The inventors have developed a resin composition that is suited to injection joining in order to make the above-mentioned technologies more effective and, specifically, made a further advancement and improvement on a technique of forming countless fine recesses in a metal surface prior to bonding. As a result, it was confirmed that a composition whose properties related to the crystallinity of PPS have been changed is particularly effective, rather than a simple PPS composition obtained merely by matching the linear coefficient of expansion to that of an aluminum alloy. That is, the inventors investigated whether the limitations of the pretreatment method required for metal parts could be reduced by making an advancement on the above-mentioned technologies and improving the resin composition parts and, as a result, discovered that the joint strength between a metal part and a resin composition part is further raised in a composite composed of a metal part and a resin composition part having a specific PPS composition, PBT composition or polyamide composition. The inventors found that, using this improved resin composition group, injection joining can be obtained not only with aluminum alloys but also with magnesium alloys, for example. The present invention relates to a technique for the injection joining of a hard resin to a magnesium alloy.

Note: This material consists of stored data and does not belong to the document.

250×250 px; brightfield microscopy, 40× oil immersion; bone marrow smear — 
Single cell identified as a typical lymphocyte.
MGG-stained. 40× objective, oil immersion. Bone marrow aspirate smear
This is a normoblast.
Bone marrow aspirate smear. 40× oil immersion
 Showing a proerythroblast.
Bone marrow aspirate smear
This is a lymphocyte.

Let us touch briefly on the characteristics of magnesium alloys. The most prominent feature of magnesium alloys is that they are the lightest in weight of all practical metals and have a specific gravity close to 1.7, which is of lower value even compared to aluminum alloys (specific gravity of 2.7) touted for being so lightweight. On the other hand, however, they are more difficult to handle than aluminum alloys because they are far more chemically active. Specifically, with a magnesium alloy, immediately after a bare metal surface has been exposed by grinding or the like, oxygen in the air starts forming a natural oxidized layer and furthermore the stability and strength of this natural oxidized layer are markedly inferior to those of aluminum alloys. The natural oxidized layer of an aluminum alloy is known to be stable so that, as long as there is a rust preventing oil film or a paint film over this natural oxidized layer, the layer will remain stable for ten years or longer when left indoors where there is no condensation or the like. However, a magnesium alloy in the same environment will begin to swell or rust in less than a year. Molecules of carbon dioxide or water, diffusing through and penetrating the oil or paint film, pass through them reacting with the natural oxidized layer of the magnesium.

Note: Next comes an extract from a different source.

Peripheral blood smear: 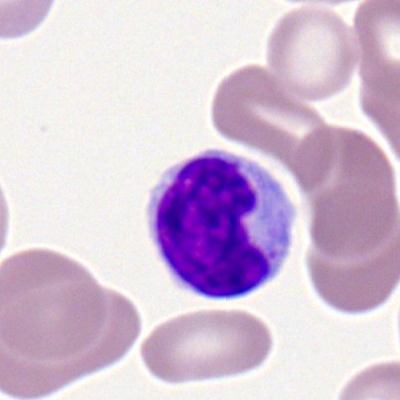Q: What is the morphological classification of this cell?
A: A typical lymphocyte.

In other words, when a magnesium alloy is actually used, it has to be covered first with a tough film taking the place of a natural oxidized film. More specifically, the magnesium alloy is treated by chemical conversion treatment or electrolytic oxidation. The inventors confirmed at first that a specific resin composition could be joined by injection joining to a magnesium alloy that had undergone chemical conversion treatment but the result was still not good enough in all respects to be put to practical and commercial application. Specifically, there was such a problem that a chemical conversion treatment that would yield the best joint strength by injection joining does not have so good corrosion resistance as the product of the chemical conversion treatments currently in use.